**TASK DIRECTIONS:** Up to and including the line that contains "Q: Is the spacing between lines", write out every line of the entries exactly, beginning with the first. Omit the pictures.

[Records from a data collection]
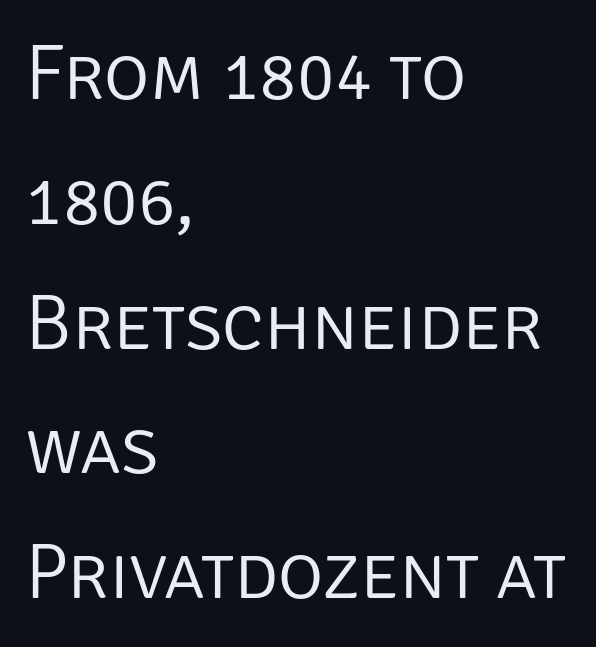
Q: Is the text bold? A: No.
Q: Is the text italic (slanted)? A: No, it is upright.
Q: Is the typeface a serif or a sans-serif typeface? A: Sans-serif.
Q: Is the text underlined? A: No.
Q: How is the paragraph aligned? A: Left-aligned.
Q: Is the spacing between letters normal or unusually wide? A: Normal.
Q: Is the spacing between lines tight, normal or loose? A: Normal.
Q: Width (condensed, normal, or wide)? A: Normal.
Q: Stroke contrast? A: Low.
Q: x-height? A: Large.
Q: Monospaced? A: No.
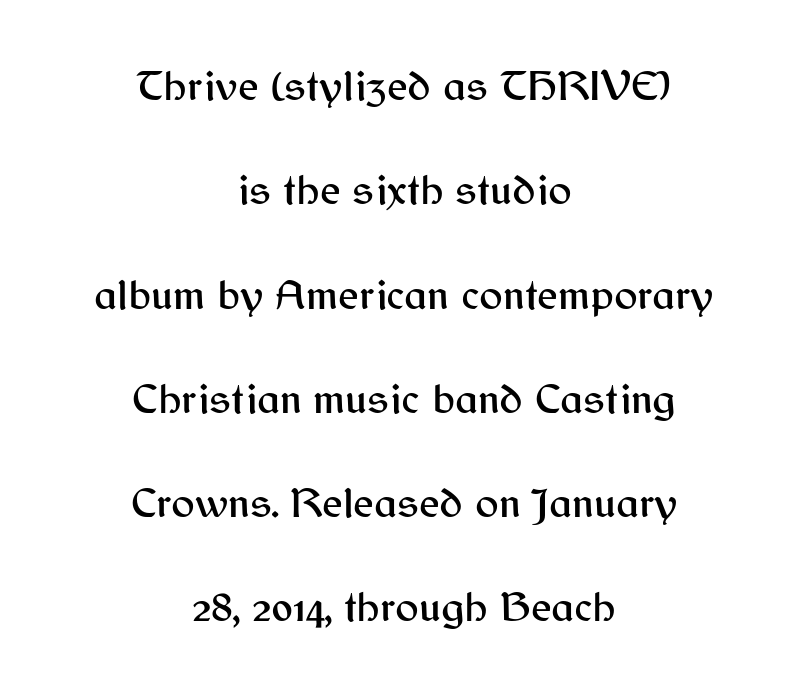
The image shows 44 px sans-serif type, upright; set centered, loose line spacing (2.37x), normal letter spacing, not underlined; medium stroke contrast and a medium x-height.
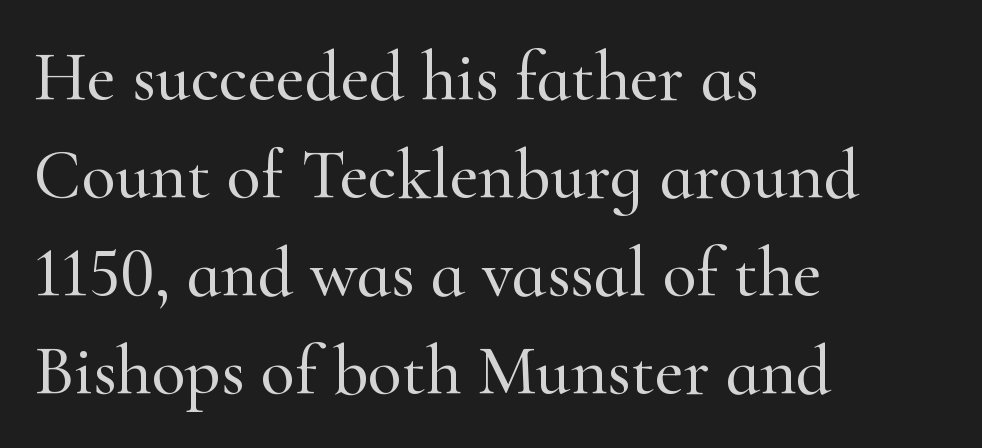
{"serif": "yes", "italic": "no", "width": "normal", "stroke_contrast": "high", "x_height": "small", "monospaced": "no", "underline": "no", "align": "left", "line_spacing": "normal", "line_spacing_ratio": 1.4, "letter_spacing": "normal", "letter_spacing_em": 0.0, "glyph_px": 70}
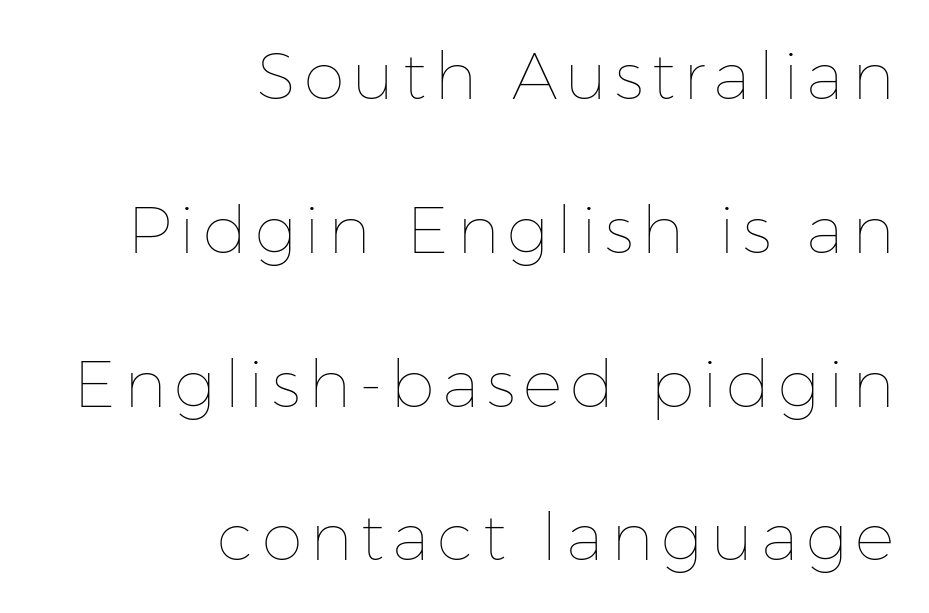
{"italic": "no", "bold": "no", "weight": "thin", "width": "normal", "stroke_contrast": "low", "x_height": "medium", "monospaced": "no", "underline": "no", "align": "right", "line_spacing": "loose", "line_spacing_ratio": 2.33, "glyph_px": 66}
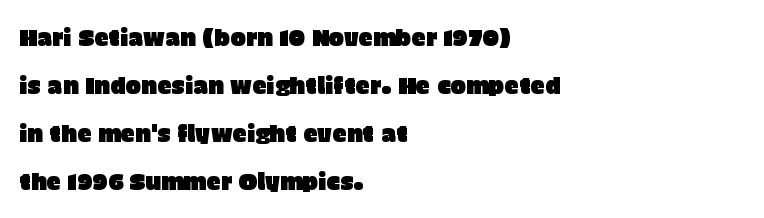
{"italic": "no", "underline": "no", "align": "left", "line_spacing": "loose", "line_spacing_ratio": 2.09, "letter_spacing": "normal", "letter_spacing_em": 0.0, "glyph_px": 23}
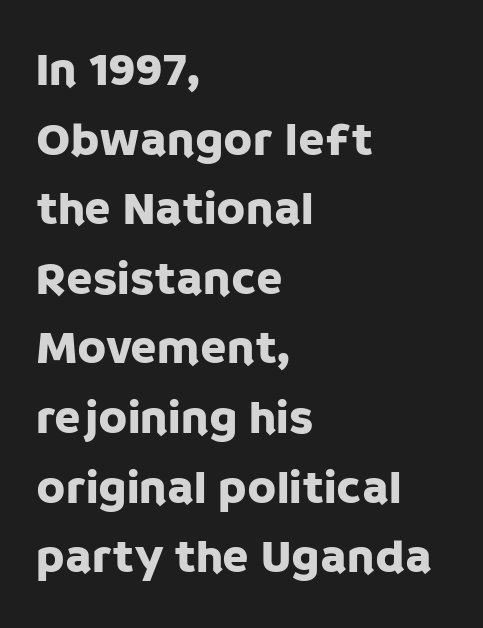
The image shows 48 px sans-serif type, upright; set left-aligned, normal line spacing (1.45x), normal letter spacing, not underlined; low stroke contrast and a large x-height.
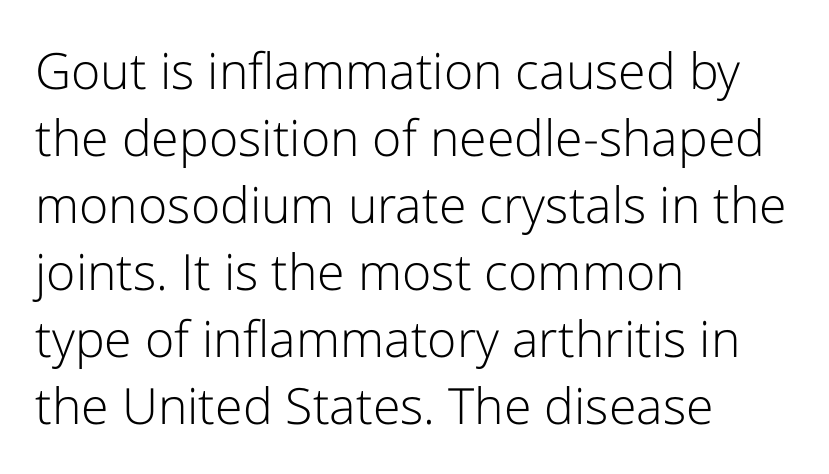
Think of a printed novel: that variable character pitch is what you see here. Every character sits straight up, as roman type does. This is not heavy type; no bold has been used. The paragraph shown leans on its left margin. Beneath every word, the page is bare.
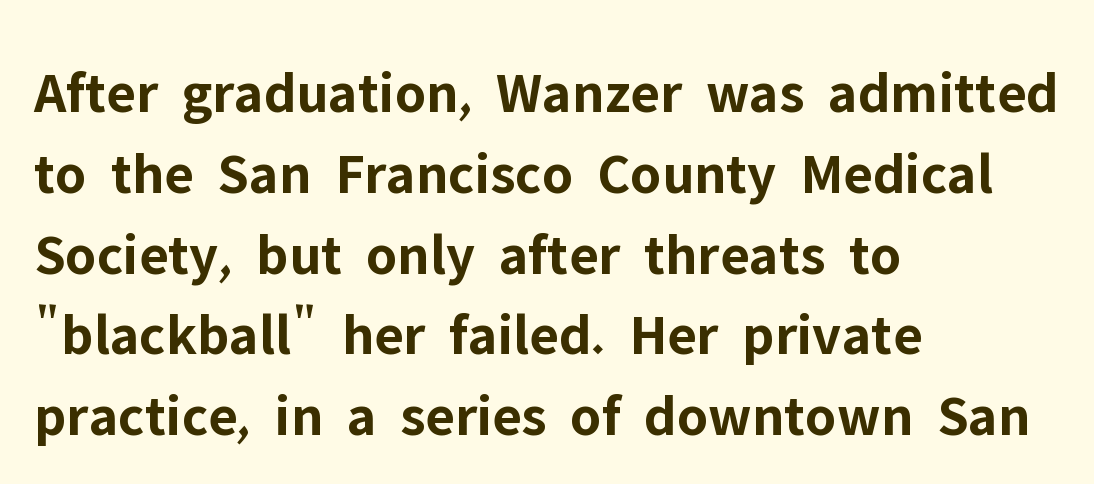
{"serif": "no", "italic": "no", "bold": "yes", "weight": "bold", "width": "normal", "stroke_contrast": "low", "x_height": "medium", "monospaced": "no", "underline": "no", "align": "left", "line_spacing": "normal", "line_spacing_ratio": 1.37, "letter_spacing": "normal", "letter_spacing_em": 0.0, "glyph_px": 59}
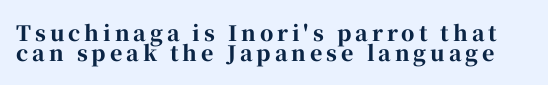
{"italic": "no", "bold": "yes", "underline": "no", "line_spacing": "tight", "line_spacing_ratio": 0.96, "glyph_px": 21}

**RESULT FOR THIS EXERCISE:**
Q: Is the text bold? A: No.
Q: Is the text italic (slanted)? A: No, it is upright.
Q: Is the typeface a serif or a sans-serif typeface? A: Sans-serif.
Q: Is the text underlined? A: No.
Q: How is the paragraph aligned? A: Left-aligned.
Q: Is the spacing between letters normal or unusually wide? A: Normal.
Q: Is the spacing between lines tight, normal or loose? A: Normal.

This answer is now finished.